In the following interview plus extract from his new book, Raw, U-God, one of the original members of the Wu-Tang Clan talks about the origins of the group, RZA's BO, and that time he nearly punched Leonardo DiCaprio in the face

U-God author portrait, credit: Angie Bambii

There’s a moment in Lamont "U-God" Hawkins’s new autobiography, Raw: My Journey Into the Wu-Tang, which perfectly captures the dizzy heights of celebrity the Wu-Tang Clan so quickly ascended to, and their roisterous response to the strange milieu they found themselves in.

Picture the scene: it’s 1996, Los Angeles, California. The nine original members of the Wu-Tang Clan are in town to record their follow-up the ground-breaking Enter the Wu-Tang (36 Chambers). They’ve been invited to a party at Hollywood director-producer Brett Rattner’s Beverley Hills mansion. Initially, no-one is up for it. But finally, U-God himself and Ghost Face Killah decide, "fuck it" and head on down to the $3.6 million dollar home of the brain behind Charlie Sheen / Chris Tucker vehicle Money Talks. "We threw a gallon of rum in us," Hawkins writes, "I was smoking. Ghost didn’t smoke, he just drank. We were pissy fucking drunk." Before they know it, U-God is threatening to punch Leonardo DiCaprio in the face and Ghost is pissing on the floor and ripping up the flowerbeds outside.

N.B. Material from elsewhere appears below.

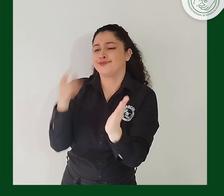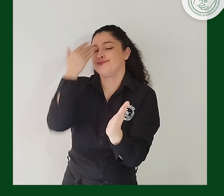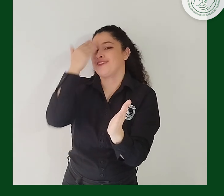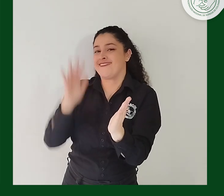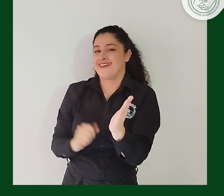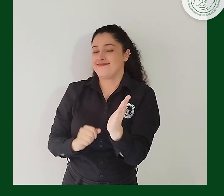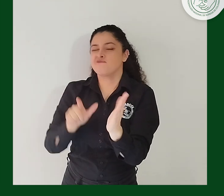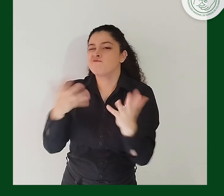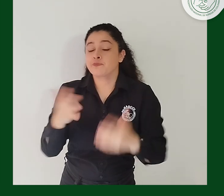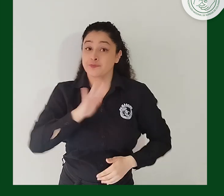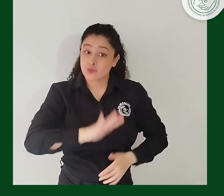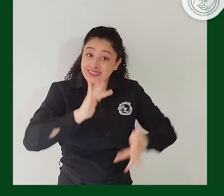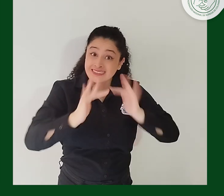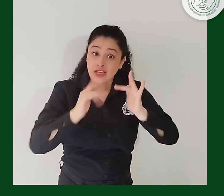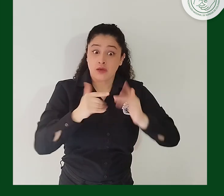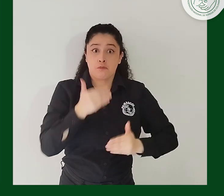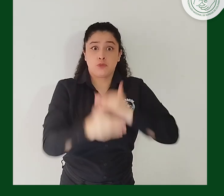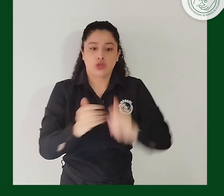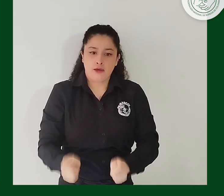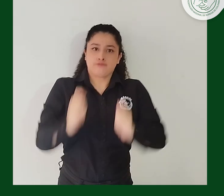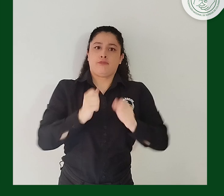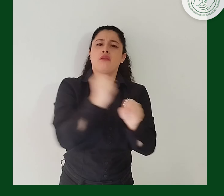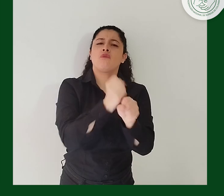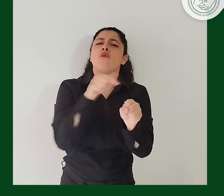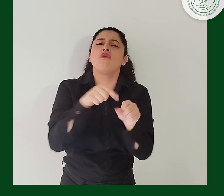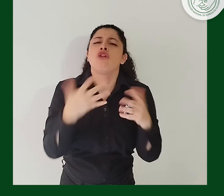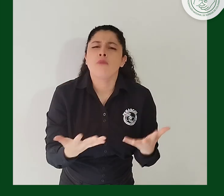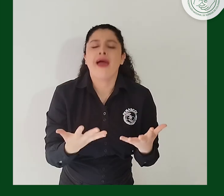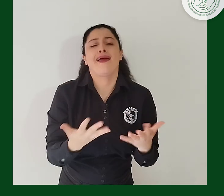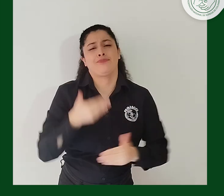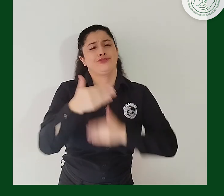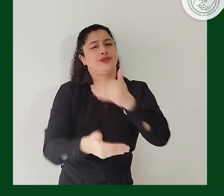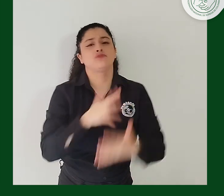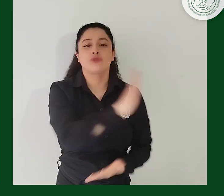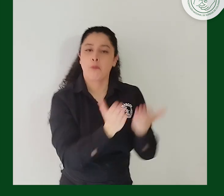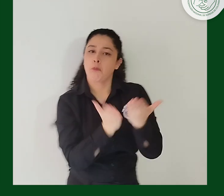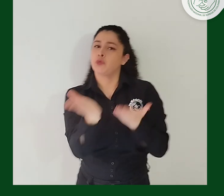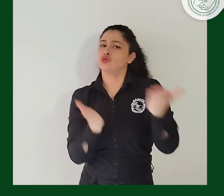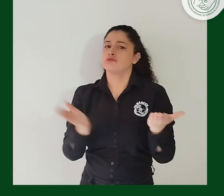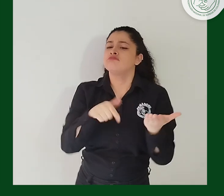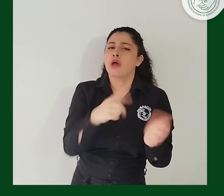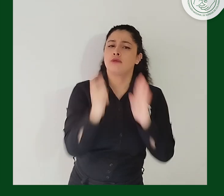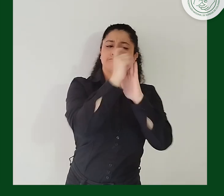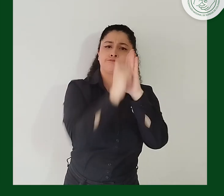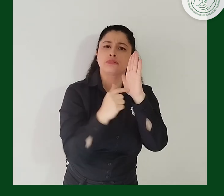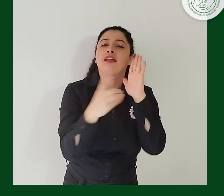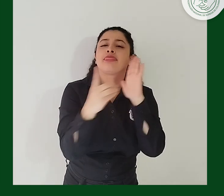operación del centro de relevo es resultado de un proceso de licitación cuyos términos están enmarcados en el Decreto

"Yeah…" Hawkins drawls down the phone line when I tell him how much I cracked up reading this passage. "It’s a moment. It’s a moment. Moments in time, during the peak of our dynasty when we was hanging with the who’s who of Hollywood and everybody wanted to meet the ghetto phenomenon called Wu-Tang Clan."

Born n Brooklyn in 1970, Lamont Hawkins was still a child when he moved to the Staten Island housing project where he would ultimately meet RZA, Raekwon and the rest of the Clan. Now aged 47, after some half a dozen Wu-Tang albums, a brace of solo records, plus guest spots with Cypress Hill, Kool Keith, Cannibal Ox, and others, he tells his own story, from start to finish, in all its gory detail.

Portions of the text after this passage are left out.